Out of curiosity, I did a simple search on Youtube to find out what accent coaching consists of.  The results were fascinating.  For example, this video by a speech therapist seems reasonable on the surface, but closer inspection reveals many of the problems that have already been described.  She regularly uses statements such as “we Americans” and “American speakers,” under the assumption that “Americans” speak in the specific manner she does- which could imply that any who speak differently are not included in her “we” and are not her “Americans.”  She states that one can “sound American” as though “American” is only one accent and encompasses only one way of speaking.  At one point, she even states that “Americans say…” which immediately begs the question, what Americans?

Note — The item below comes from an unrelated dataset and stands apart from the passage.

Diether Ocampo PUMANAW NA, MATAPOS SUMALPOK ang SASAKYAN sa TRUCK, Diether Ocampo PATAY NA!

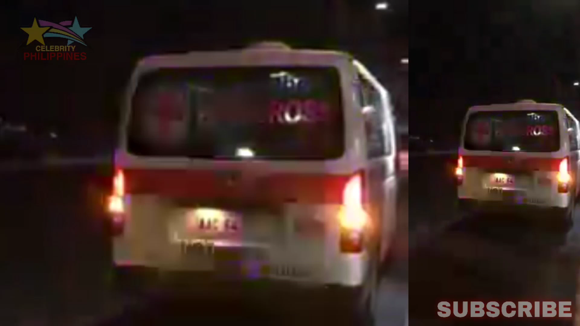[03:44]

Each time she describes her accent as the way “Americans” speak, she is (perhaps unconsciously) referring to a relatively small group of people, who do not and cannot represent all Americans and all American accents.  What her words ignore is that Americans can “sound like” many other accents besides the one her advice is based on; Americans can, and do, “sound like” New Yorkers, Bostoners, Southerners, Chicagoans, and uncountable other regions and groupings both named and unnamed.  This unfairly excludes and alienates huge swaths of America, as though they don’t exist.

Her video also conspicuously reinforces the concept of Standard English as a tool for advancement, or a social currency- not only in the video’s very presence on Youtube, but in an image shown during the last few seconds.  The logo for her series includes an image of a pair of hands locked in a handshake, a symbol of cooperation and positive communication, perhaps with a connotation of success or a deal being made.  This visibly echoes the common perception that Standard English can be used to heighten someone’s prospects and position, and is one last way her video stresses the supposed importance of speaking with her version of an American accent.

The unfair stigmatization of non-standard forms in English has a large, detrimental effect on those who speak using those non-standard forms.  These speakers are not only judged for the way they sound, but may in time begin to judge themselves, and go to great lengths to try to change the way they speak, even if the Standard they are trying to emulate is not actually widely-spoken.  Furthermore, those who provide their services in teaching Standard English sometimes perpetuate these modes of stigmatization, which may be beneficial for their continued business success but does nothing to help those who do not speak ‘properly.’